When queen Sophia Charlotte died, von Wartenberg was awarded the estate of Woltersdorf. Catharina von Wartenberg reportedly had the pretensions of replacing her, caused women of the nobility to boycott the king's royal assemblies three times a week and "the Court became a perfect desert." In 1708, the king asked her for advice whether he should marry again, but she declined to answer.

Prior to marriage of the king to Sophia Louise of Mecklenburg-Schwerin in 1708, Catharina von Wartenberg bought the right to take precedence of all unmarried Princesses, and even of all married ones whose husbands were not reigning Princes, from the Duchess Antoinette Josefa of Schleswig-Holstein-Sonderburg-Beck for 10,000 Thalers (which the King paid), and wished to use this right at the procession of the christening of princess Wilhelmine in 1709: when the procession passed the chapel door, however, Madame de Lintelo, the wife of the Dutch ambassador (Christiaan Karel van Lintelo, (1669-1736)), attempted to take her place, which resulted in a physical fight in which the master of the ceremonies, Besser, tried to separate them, and von Wartenberg eventually came out as the winner. The king demanded of the Dutch Ambassador that his wife apologized to von Wartenberg and that he would withdraw his troops from Flanders otherwise.

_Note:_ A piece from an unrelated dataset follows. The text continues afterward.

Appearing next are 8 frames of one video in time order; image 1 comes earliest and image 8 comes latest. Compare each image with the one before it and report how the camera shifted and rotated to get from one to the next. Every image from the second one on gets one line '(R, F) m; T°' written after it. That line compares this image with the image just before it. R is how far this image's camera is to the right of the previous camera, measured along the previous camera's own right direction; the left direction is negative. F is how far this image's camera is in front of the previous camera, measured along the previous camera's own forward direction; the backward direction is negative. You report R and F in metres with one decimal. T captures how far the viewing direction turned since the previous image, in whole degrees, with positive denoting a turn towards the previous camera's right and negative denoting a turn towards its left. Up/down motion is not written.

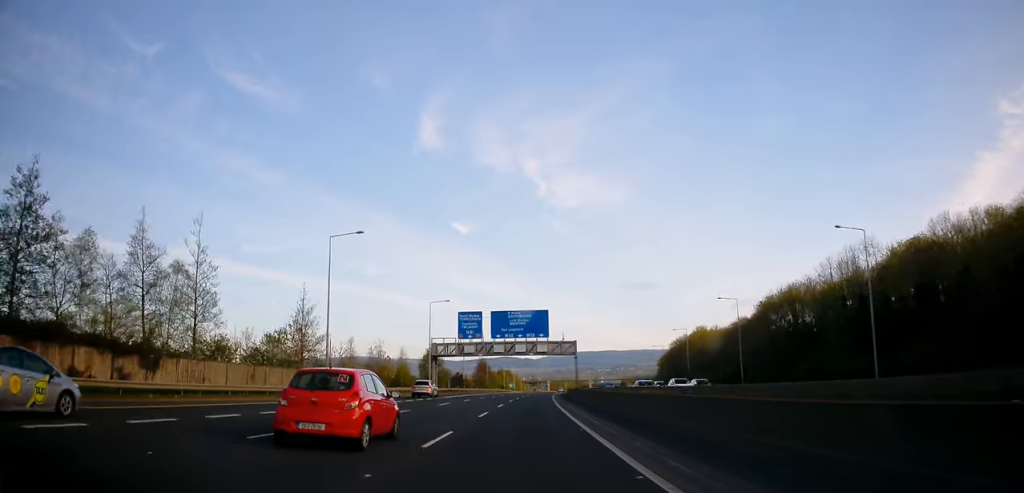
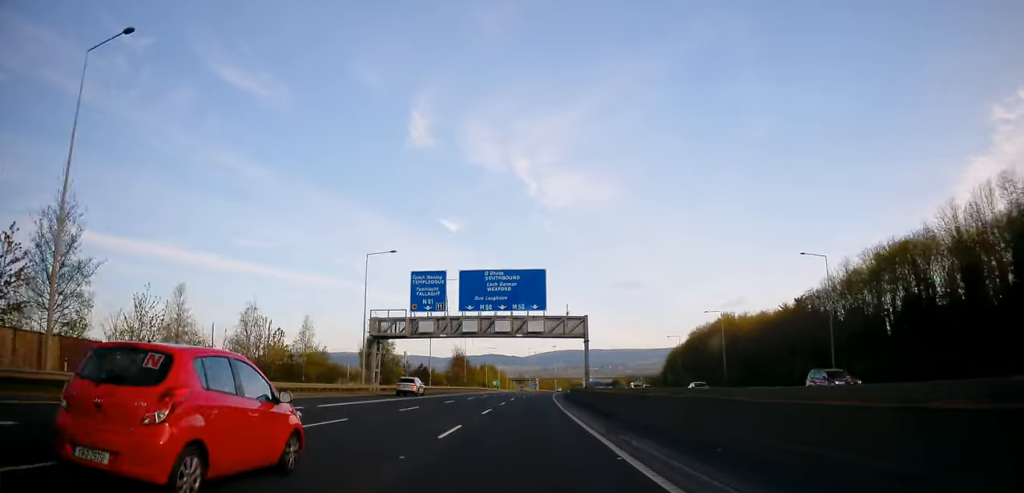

During an absence by the king at the Jahr Markt at Leipzig in 1710, the queen summoned the ladies at court to assist her embroidering a gift for the king, among them Catharina von Wartenberg. During this, they were interrupted by the valet of Catharina von Wartenberg, bringing her coffee, which was a great offence to etiquette, and when the queen commanded von Wartenberg to leave, she commented: "I think I see myself doing so", with a laugh, which added to the etiquette offence and infuriated the queen so that she ordered von Wartenberg to be thrown out of the window; before anyone could be found to do so, von Wartenberg hastily left. The queen complained to the king, who ordered von Wartenberg to apologize, which she consented to, though she managed to avoid doing so. This incident weakened her position, as did her intimacy with the English ambassador, Lord Raby, who was known and disliked for his extreme arrogance, and because he had managed to become informed in many private affairs of the Prussian court through his association with von Wartenberg; by which he was referred to as the "favourite's favourite".

===Downfall===
Catharina von Wartenberg on several occasions caused difficulty in the relations to foreign powers because of her ambitions on precedence. On a banquet arranged by the Russian ambassador Baron Albrecht von der Lith (1659-1718), the ambassador asked the king to command her to attend, but when she was informed that she would not take precedence before the ambassador's spouse Madame de Matuoff, she refused to attend. This resulted in a formal complaint presented to the king by all the foreign ambassadors in Berlin except the English. The king demanded that von Wartenberg make a public apology to de Matuoff, and she was forced to read her apology, standing to the seated Matuoff; after which she tore up the apology, but it was nevertheless printed in a gazette by the ambassadors and publicly circulated. Shortly after, the king told her that if she kept causing diplomatic incidents, "he would find means to put a stop to it."

After this incident, von Wartenberg advised her spouse to leave the court, but he did not take her advice. The crown prince and his favorite Grumbkow, the foreign minister Ilgen and the two courtiers Kamecke the Elder and Younger, took the incident as a pretense to accuse von Wartenberg for being an English agent through her association with Raby and investing in English securities; after undermining her influence, they proceeded to implicate her spouse, who lost his position in January 1711.

===Later life===
Catharina von Wartenberg followed her spouse to in exile to Frankfurt, bringing with her jewels valued at 500,000 Thalers. Her spouse was soon offered to return to service, on condition that he leave her behind, but he replied that he could not agree to that term. She became a widow in 1712, and remarried the French noble Marschall d’Huvelles, with whom she settled in Paris. The final years of her life, she lived in The Hague.